Connecting to a Hive Data Source on Hadoop

You can create a Hive data source natively on Hadoop, without using JDBC. It is much faster than connecting to Hive over JDBC, and it has support for running HiveQL queries on the HQL Execute operator.

Adding a Hive data source is very similar to adding a Hadoop data source. No extra JARs are needed to get Hive functionality.

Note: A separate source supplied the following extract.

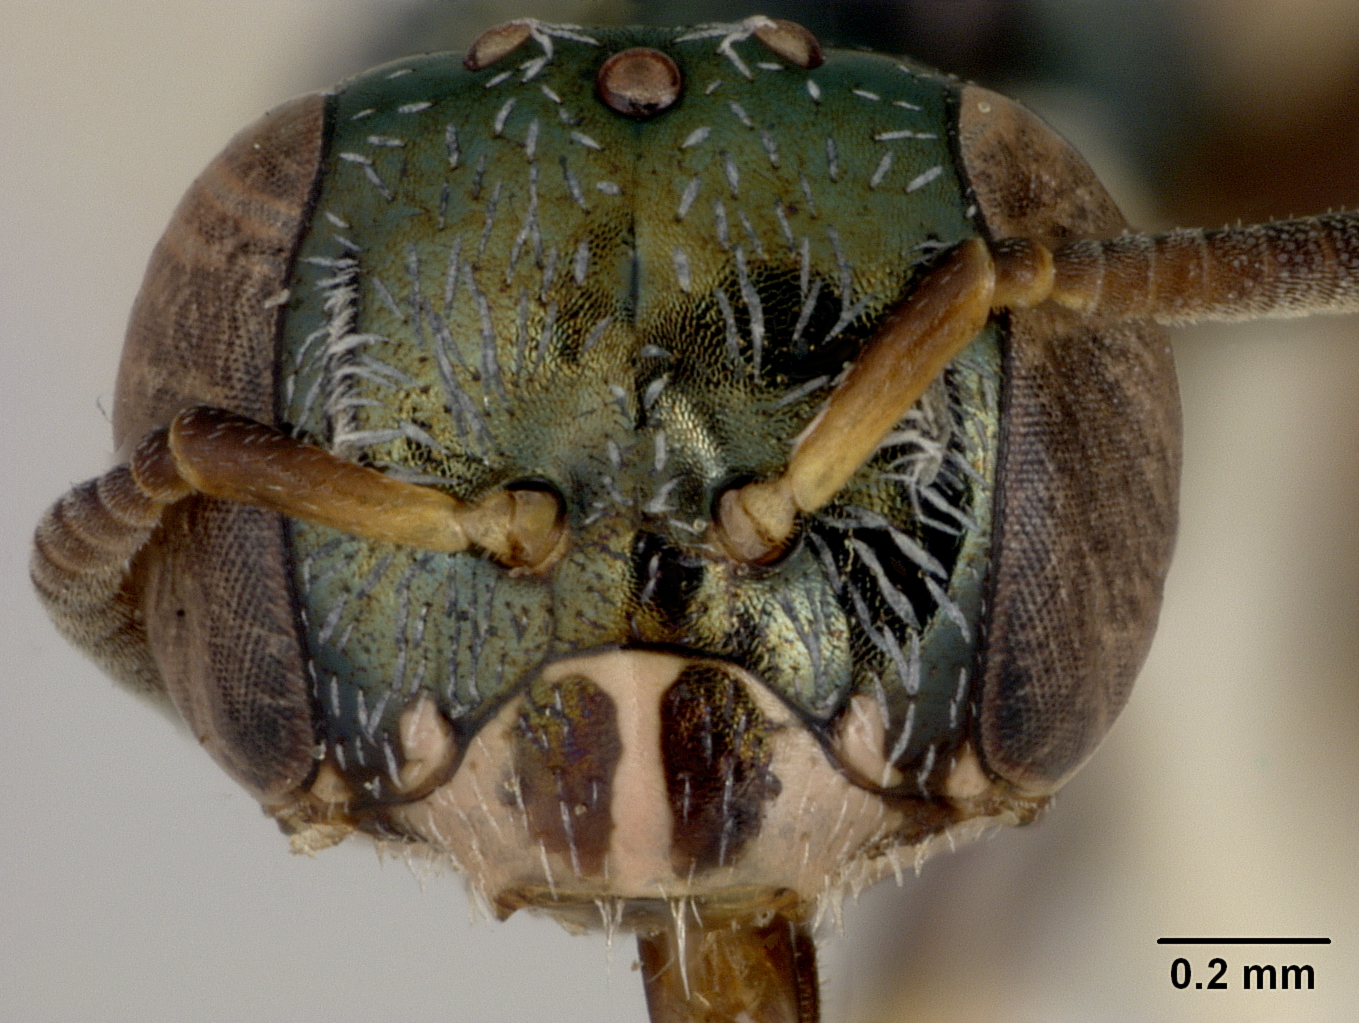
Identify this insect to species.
Perdita cushmani
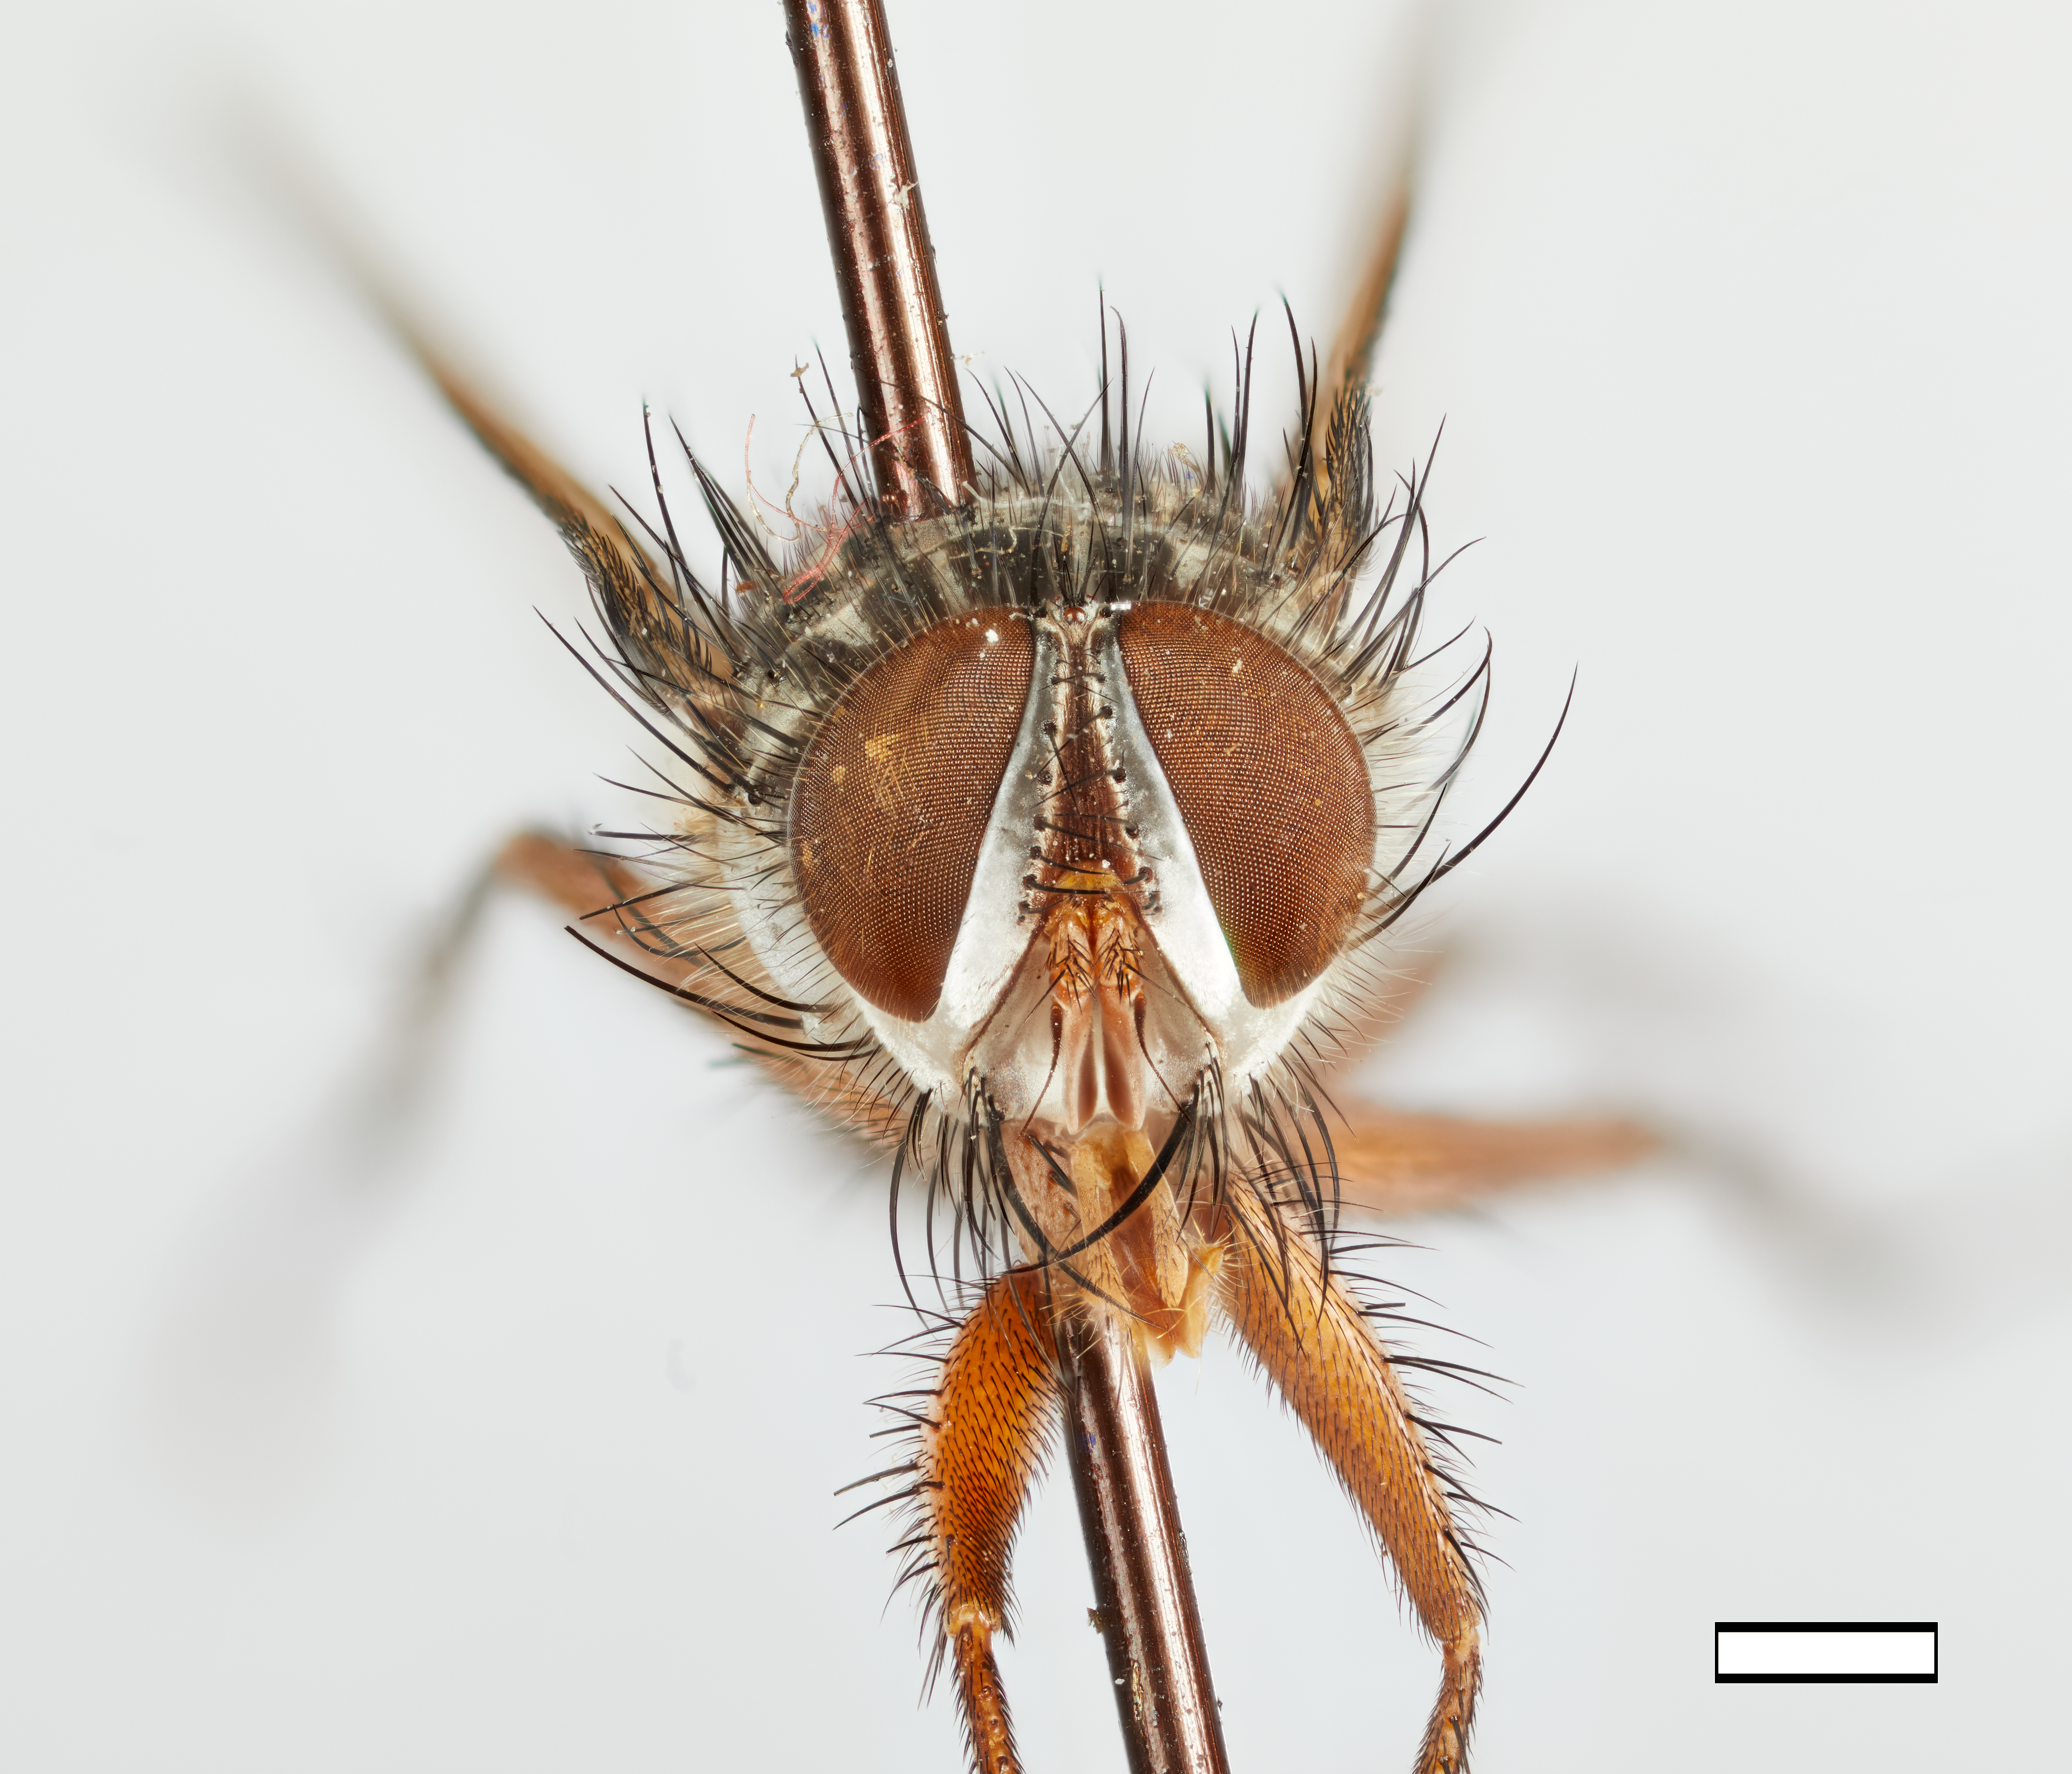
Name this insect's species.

Note: Configuring Kerberos on Hive is a similar process to configuring Kerberos on Hadoop, with the following additions.
  • You must add hive.metastore.kerberos.principal.
  • When you create the data source, you must add the following two parameters.
    • stack.version=2.3.4.0-3485 - This parameter is essential for running jobs on the server. (If the value 2.3.4.0-3485 does not work, try 2.3.6.0-3796).
    • hive.additional.parameter.disabled=true - This parameter is necessary for the stack.version parameter to be accepted. If this parameter is not set, the connection returns the error "stack.version cannot be changed at runtime".

Prerequisites

You must have write access on the server where Team Studio is installed.

Procedure

  1. From the menu, select Data.
  2. Select Add Data Source.
  3. In the Add Data Source dialog box, choose Hadoop Hive from the Data Source Type drop-down list.

    The only thing different from the section about Hadoop in Hadoop Data Sources is that the user needs to specify the Hive Metastore location. This location can be found in the file hive-site.xml on the cluster configuration and usually starts with thrift://.